The TTC225 tyre pressures for 18" 9 spokes are:-
35 Front
29 Rear


----------



## A3QUAT32 (Sep 18, 2004)

Cheers for the info, I think i`ll give those pressures for the S Line a go.

(The dealer had me put 44 in the fronts on friday - i thought it was a little light on the handling !!!)

Thanks

MarT


----------



## Wallsendmag (Feb 12, 2004)

Have you tried the contacting the local council to get them to pay for the wheel?


----------



## A3QUAT32 (Sep 18, 2004)

Im gonna go and take pics of the pothole and hit em with a bill !

The dealer has started to ignore my phonecalls now , and Audi GB customer services say that the wheels should not be on the car and that I should take it up with the dealer, I asked them if they would speak to the deale on my behalf , they said that they would not be able to do that for about 2 weeks as their system is down and there is a backlog of cases to follow up ...... Does anyone smell bull$hit ????

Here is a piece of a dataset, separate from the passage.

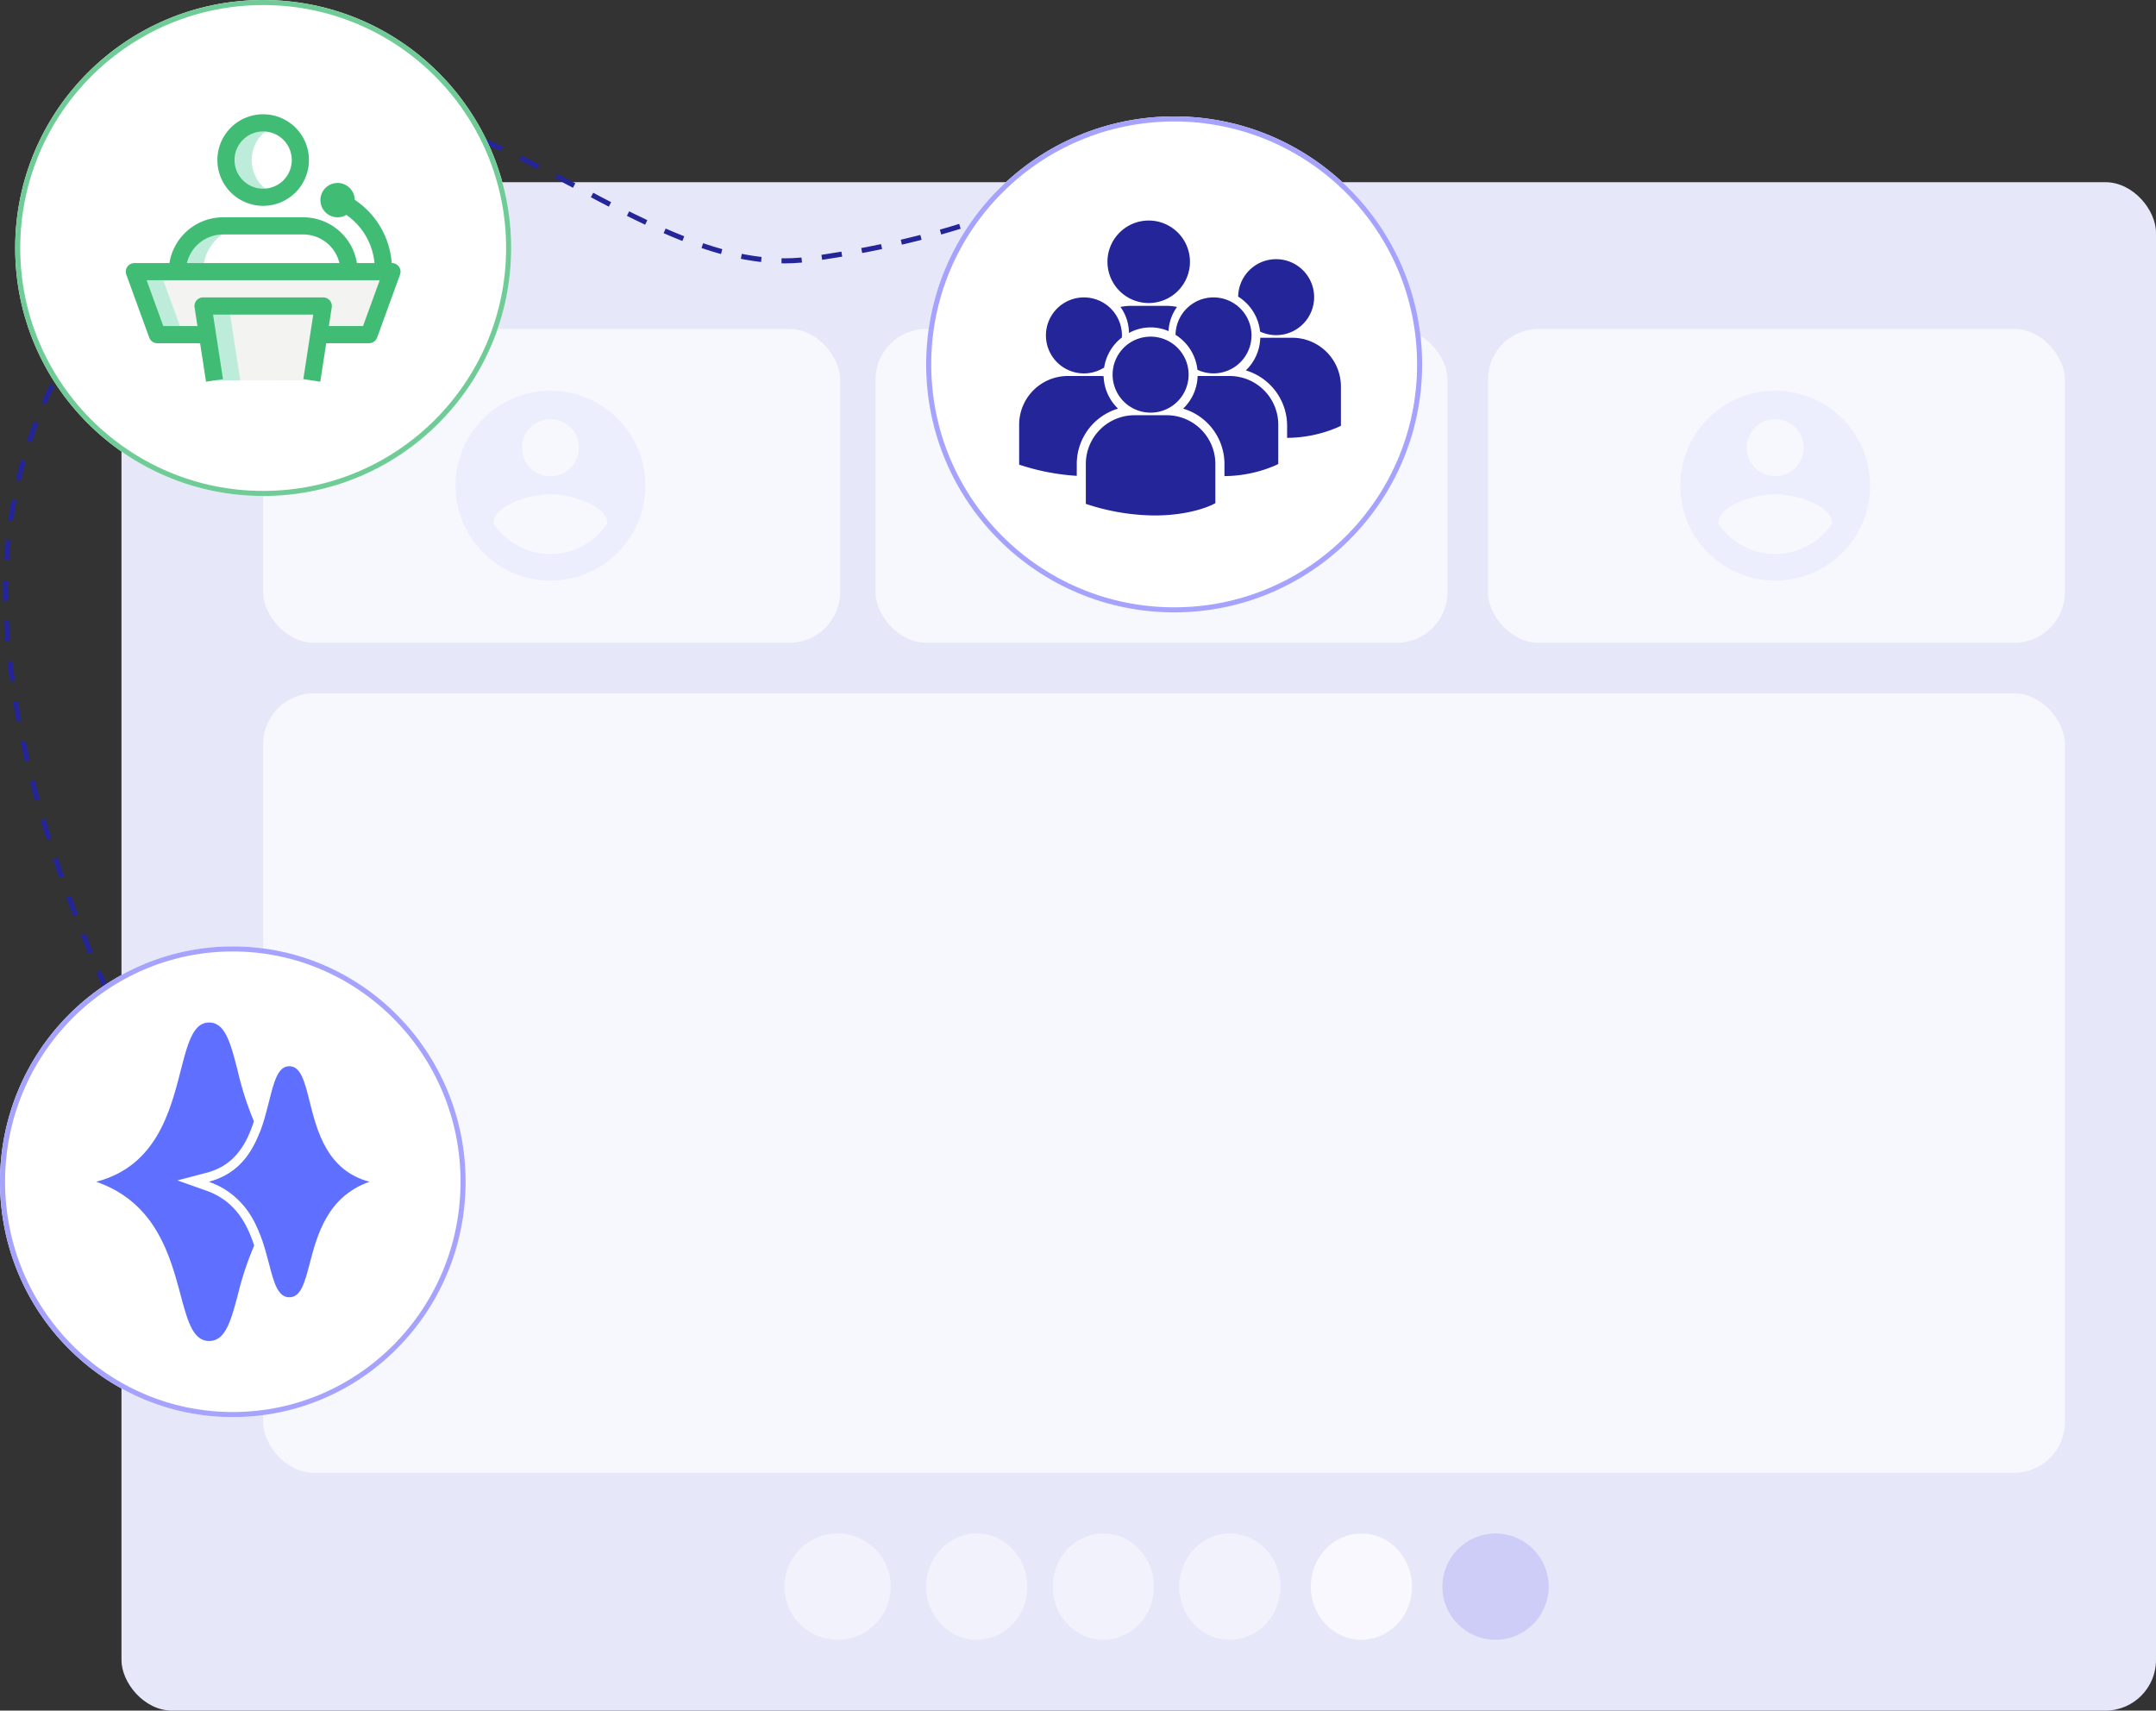 <svg xmlns="http://www.w3.org/2000/svg" width="426.001" height="338" viewBox="0 0 426.001 338"><rect x="0" y="0" width="426.001" height="338" fill="#333333" stroke="none"/><g id="Group_10749" data-name="Group 10749" transform="translate(-245 -2055)"><g id="Group_10648" data-name="Group 10648" transform="translate(-92 -236)"><g id="Group_7812" data-name="Group 7812" transform="translate(361.154 2327.346)"><rect id="Rectangle_4100" data-name="Rectangle 4100" width="402" height="302" rx="10" transform="translate(-0.153 -0.346)" fill="#e7e7fa"></rect><rect id="Rectangle_4104" data-name="Rectangle 4104" width="356" height="154" rx="10" transform="translate(27.847 100.654)" fill="#f7f7fe"></rect><rect id="Rectangle_4102" data-name="Rectangle 4102" width="113" height="62" rx="10" transform="translate(148.847 28.654)" fill="#f7f7fe"></rect><rect id="Rectangle_4103" data-name="Rectangle 4103" width="114" height="62" rx="10" transform="translate(269.847 28.654)" fill="#f7f7fe"></rect><rect id="Rectangle_4101" data-name="Rectangle 4101" width="114" height="62" rx="10" transform="translate(27.847 28.654)" fill="#f7f7fe"></rect><circle id="Ellipse_1517" data-name="Ellipse 1517" cx="10.5" cy="10.5" r="10.5" transform="translate(260.847 266.654)" fill="#5253ec" opacity="0.175"></circle><ellipse id="Ellipse_1518" data-name="Ellipse 1518" cx="10" cy="10.5" rx="10" ry="10.5" transform="translate(234.847 266.654)" fill="#fff" opacity="0.717"></ellipse><ellipse id="Ellipse_1519" data-name="Ellipse 1519" cx="10" cy="10.5" rx="10" ry="10.5" transform="translate(208.847 266.654)" fill="#fff" opacity="0.468"></ellipse><ellipse id="Ellipse_1520" data-name="Ellipse 1520" cx="10" cy="10.5" rx="10" ry="10.5" transform="translate(183.847 266.654)" fill="#fff" opacity="0.468"></ellipse><ellipse id="Ellipse_1521" data-name="Ellipse 1521" cx="10" cy="10.5" rx="10" ry="10.5" transform="translate(158.847 266.654)" fill="#fff" opacity="0.468"></ellipse><circle id="Ellipse_1522" data-name="Ellipse 1522" cx="10.5" cy="10.5" r="10.5" transform="translate(130.847 266.654)" fill="#fff" opacity="0.468"></circle><path id="Icon_material-account-circle" data-name="Icon material-account-circle" d="M21.758,3A18.758,18.758,0,1,0,40.516,21.758,18.765,18.765,0,0,0,21.758,3Zm0,5.627a5.627,5.627,0,1,1-5.627,5.627A5.62,5.62,0,0,1,21.758,8.627Zm0,26.637A13.507,13.507,0,0,1,10.5,29.224c.056-3.733,7.5-5.778,11.255-5.778,3.733,0,11.2,2.045,11.255,5.778a13.507,13.507,0,0,1-11.255,6.04Z" transform="translate(62.847 37.857)" fill="#a3b3ff" opacity="0.13"></path><path id="Icon_material-account-circle-2" data-name="Icon material-account-circle" d="M21.758,3A18.758,18.758,0,1,0,40.516,21.758,18.765,18.765,0,0,0,21.758,3Zm0,5.627a5.627,5.627,0,1,1-5.627,5.627A5.62,5.62,0,0,1,21.758,8.627Zm0,26.637A13.507,13.507,0,0,1,10.5,29.224c.056-3.733,7.5-5.778,11.255-5.778,3.733,0,11.2,2.045,11.255,5.778a13.507,13.507,0,0,1-11.255,6.04Z" transform="translate(183.847 37.857)" fill="#a3b3ff" opacity="0.13"></path><path id="Icon_material-account-circle-3" data-name="Icon material-account-circle" d="M21.758,3A18.758,18.758,0,1,0,40.516,21.758,18.765,18.765,0,0,0,21.758,3Zm0,5.627a5.627,5.627,0,1,1-5.627,5.627A5.62,5.62,0,0,1,21.758,8.627Zm0,26.637A13.507,13.507,0,0,1,10.5,29.224c.056-3.733,7.5-5.778,11.255-5.778,3.733,0,11.2,2.045,11.255,5.778a13.507,13.507,0,0,1-11.255,6.04Z" transform="translate(304.847 37.857)" fill="#a3b3ff" opacity="0.13"></path></g></g><path id="Path_37480" data-name="Path 37480" d="M18278.711-2824.351s-31.961-52.476-34.406-101.974,29.881-79.578,59.764-95.817,65.611,29.43,98.742,24.882,49.369-14.489,49.369-14.489" transform="translate(-17998.055 5103.481)" fill="none" stroke="#242598" stroke-width="1" stroke-dasharray="4"></path><g id="Ellipse_1662" data-name="Ellipse 1662" transform="translate(245 2242)" fill="#fff" stroke="#a6a3ff" stroke-width="1"><ellipse cx="46" cy="46.5" rx="46" ry="46.5" stroke="none"></ellipse><ellipse cx="46" cy="46.5" rx="45.5" ry="46" fill="none"></ellipse></g><g id="Ellipse_1664" data-name="Ellipse 1664" transform="translate(428 2078)" fill="#fff" stroke="#a6a3ff" stroke-width="1"><circle cx="49" cy="49" r="49" stroke="none"></circle><circle cx="49" cy="49" r="48.5" fill="none"></circle></g><g id="Ellipse_1716" data-name="Ellipse 1716" transform="translate(248 2055)" fill="#fff" stroke="#70cc97" stroke-width="1"><circle cx="49" cy="49" r="49" stroke="none"></circle><circle cx="49" cy="49" r="48.5" fill="none"></circle></g><g id="users-group" transform="translate(446.373 2098.576)"><path id="Path_37485" data-name="Path 37485" d="M17.449,30.51a8.15,8.15,0,1,1,8.15,8.149A8.15,8.15,0,0,1,17.449,30.51Zm12.067,13.7a8.821,8.821,0,0,1,1.675-4.775,10.4,10.4,0,0,0-2.134-.221H22.142a10.446,10.446,0,0,0-2.128.219,8.841,8.841,0,0,1,1.682,5.14,8.9,8.9,0,0,1,7.819-.363Zm1.38.732a9.308,9.308,0,0,1,4.331,6.911A7.505,7.505,0,1,0,30.9,44.943ZM25.976,60.318a7.509,7.509,0,1,0-7.51-7.509A7.509,7.509,0,0,0,25.976,60.318Zm3.185.511H22.791a9.626,9.626,0,0,0-9.615,9.615v7.792l.02.122.536.167A43.788,43.788,0,0,0,26.8,80.633c7.065,0,11.162-2.015,11.414-2.144l.5-.254h.053V70.444A9.624,9.624,0,0,0,29.161,60.829Zm12.424-7.751H35.262a9.255,9.255,0,0,1-2.856,6.446,11.424,11.424,0,0,1,8.16,10.932v2.4a25.886,25.886,0,0,0,10.076-2.117l.5-.255H51.2V62.691A9.624,9.624,0,0,0,41.585,53.078Zm1.69-15.69a9.306,9.306,0,0,1,4.33,6.912,7.505,7.505,0,1,0-4.33-6.912Zm10.688,8.135H47.642a9.254,9.254,0,0,1-2.856,6.446A11.424,11.424,0,0,1,52.946,62.9v2.4a25.861,25.861,0,0,0,10.076-2.117l.5-.254h.054V55.135A9.624,9.624,0,0,0,53.964,45.522ZM12.8,52.565a7.459,7.459,0,0,0,3.993-1.16,9.3,9.3,0,0,1,3.493-5.927c.008-.141.021-.28.021-.422A7.508,7.508,0,1,0,12.8,52.565Zm6.743,6.958a9.263,9.263,0,0,1-2.855-6.411c-.234-.017-.466-.035-.7-.035H9.615A9.625,9.625,0,0,0,0,62.691v7.793l.02.121.537.167a44.888,44.888,0,0,0,10.827,2.034V70.455A11.423,11.423,0,0,1,19.544,59.523Z" transform="translate(0 -22.36)" fill="#242598"></path></g><g id="speaker" transform="translate(261.113 2067.862)"><path id="Path_38907" data-name="Path 38907" d="M11.274,32.19,6.75,19.75H57.642L53.118,32.19Z" transform="translate(3.69 21.066)" fill="#f3f3f1"></path><path id="Path_38908" data-name="Path 38908" d="M15.012,37.452,12.75,22.75H36.5l-2.262,14.7Z" transform="translate(11.261 24.851)" fill="#f3f3f1"></path><path id="Path_38909" data-name="Path 38909" d="M24.637,15.75H19.547A9.048,9.048,0,0,0,10.5,24.8v1.131h5.089V24.8A9.048,9.048,0,0,1,24.637,15.75Z" transform="translate(8.422 16.018)" fill="#00b871" opacity="0.26"></path><path id="Path_38910" data-name="Path 38910" d="M19.839,14.1A7.332,7.332,0,0,1,24.646,7.23,7.266,7.266,0,0,0,22.1,6.75a7.351,7.351,0,1,0,2.545,14.223A7.332,7.332,0,0,1,19.839,14.1Z" transform="translate(13.785 4.661)" fill="#00b871" opacity="0.26"></path><path id="Path_38911" data-name="Path 38911" d="M6.75,19.75l4.524,12.44h5.089L11.839,19.75Z" transform="translate(3.69 21.066)" fill="#bdedda"></path><path id="Path_38912" data-name="Path 38912" d="M12.75,22.75l2.262,14.7H20.1l-2.262-14.7Z" transform="translate(11.261 24.851)" fill="#bdedda"></path><path id="Path_38913" data-name="Path 38913" d="M54.064,34.833H44.61V31.44h8.265l3.291-9.047H10.116l3.291,9.047h8.265v3.393H12.22a1.7,1.7,0,0,1-1.595-1.117L6.1,21.275A1.7,1.7,0,0,1,7.7,19H58.588a1.7,1.7,0,0,1,1.595,2.278l-4.524,12.44A1.7,1.7,0,0,1,54.064,34.833Z" transform="translate(2.744 20.119)" fill="#41bc75"></path><path id="Path_38914" data-name="Path 38914" d="M36.86,38.656l-3.352-.518,1.961-12.748h-19.8l1.961,12.748-3.352.518-2.262-14.7A1.694,1.694,0,0,1,13.7,22H37.445a1.7,1.7,0,0,1,1.676,1.957Z" transform="translate(10.315 23.905)" fill="#41bc75"></path><path id="Path_38915" data-name="Path 38915" d="M34.627,27.286H31.234a13.039,13.039,0,0,0-6.245-11.058l1.767-2.9A16.454,16.454,0,0,1,34.627,27.286Z" transform="translate(26.705 12.964)" fill="#41bc75"></path><circle id="Ellipse_1718" data-name="Ellipse 1718" cx="3.393" cy="3.393" r="3.393" transform="translate(47.195 23.286)" fill="#41bc75"></circle><path id="Path_38916" data-name="Path 38916" d="M23.047,24.095a9.047,9.047,0,1,1,9.047-9.047A9.057,9.057,0,0,1,23.047,24.095Zm0-14.7A5.655,5.655,0,1,0,28.7,15.047,5.661,5.661,0,0,0,23.047,9.393Z" transform="translate(12.839 3.715)" fill="#41bc75"></path><path id="Path_38917" data-name="Path 38917" d="M47.071,25.744H43.678a7.36,7.36,0,0,0-7.351-7.351H20.494a7.36,7.36,0,0,0-7.351,7.351H9.75A10.756,10.756,0,0,1,20.494,15H36.327A10.756,10.756,0,0,1,47.071,25.744Z" transform="translate(7.476 15.072)" fill="#41bc75"></path></g><g id="Znak" transform="translate(263.066 2257.037)"><g id="Group_10748" data-name="Group 10748" transform="translate(23.266 8.637)"><path id="Path_39065" data-name="Path 39065" d="M168.976,58.871h.009c2.254,0,3.015,3.028,3.989,6.907,1.476,5.877,3.443,13.708,11.84,15.919C176.465,84.651,174.473,92.255,173,97.879c-.987,3.766-1.741,6.644-4.015,6.644h-.009c-2.274,0-3.028-2.878-4.015-6.644-1.474-5.624-3.466-13.228-11.815-16.182,8.4-2.211,10.364-10.042,11.84-15.919C165.961,61.9,166.721,58.871,168.976,58.871Z" transform="translate(-153.146 -58.871)" fill="#5f6fff"></path></g><path id="Path_39066" data-name="Path 39066" d="M23.265,0h-.006c-3.18,0-4.252,4.174-5.626,9.52-2.082,8.1-4.856,18.895-16.7,21.943C12.709,35.535,15.519,46.016,17.6,53.768c1.391,5.191,2.455,9.158,5.662,9.158h.013c3.207,0,4.27-3.967,5.662-9.158a61,61,0,0,1,3.222-9.7C30.676,39.557,28.3,35.2,22.662,33.21L16.99,31.2l5.815-1.531c5.468-1.44,7.82-5.59,9.3-10.152a61.724,61.724,0,0,1-3.209-10C27.524,4.174,26.451,0,23.272,0Zm9.979,21.794c-1.37,3.523-3.5,6.87-7.42,8.739a14.5,14.5,0,0,1-2.56.931,16.666,16.666,0,0,1,2.5,1.116A16.963,16.963,0,0,1,33.3,41.81,21.758,21.758,0,0,1,45.6,31.463,19.034,19.034,0,0,1,33.245,21.794Z" transform="translate(0)" fill="#5f6fff" fill-rule="evenodd"></path></g></g></svg>

I quote from the audi website:

At Audi we believe that every customer has a right to expect excellent service each and every time contact is made with us. To help ensure that this happens we have agreed a set of service standards with our Audi Centre network that governs the way they do business with you, the customer. These standards apply to both the sales and the aftersales experience and we actively monitor their delivery to ensure that you receive the highest standards of customer service. We believe that these service standards are the very least we should deliver and go a long way toward ensuring a consistent, stress free experience whenever you are in contact with anyone who represents the Audi brand.

Thanks for your advice everyone, its a shame audi don`t employ people like you lot !

Cheers

Mart


----------



## Imola S3 (Jun 8, 2004)

Not sure about the new style A3Q but the old A3Q/S3 was:

17" wheels = 32psi all round
18" wheels = 36psi all round

Does that mean 19" wheels should be 40psi? :?


----------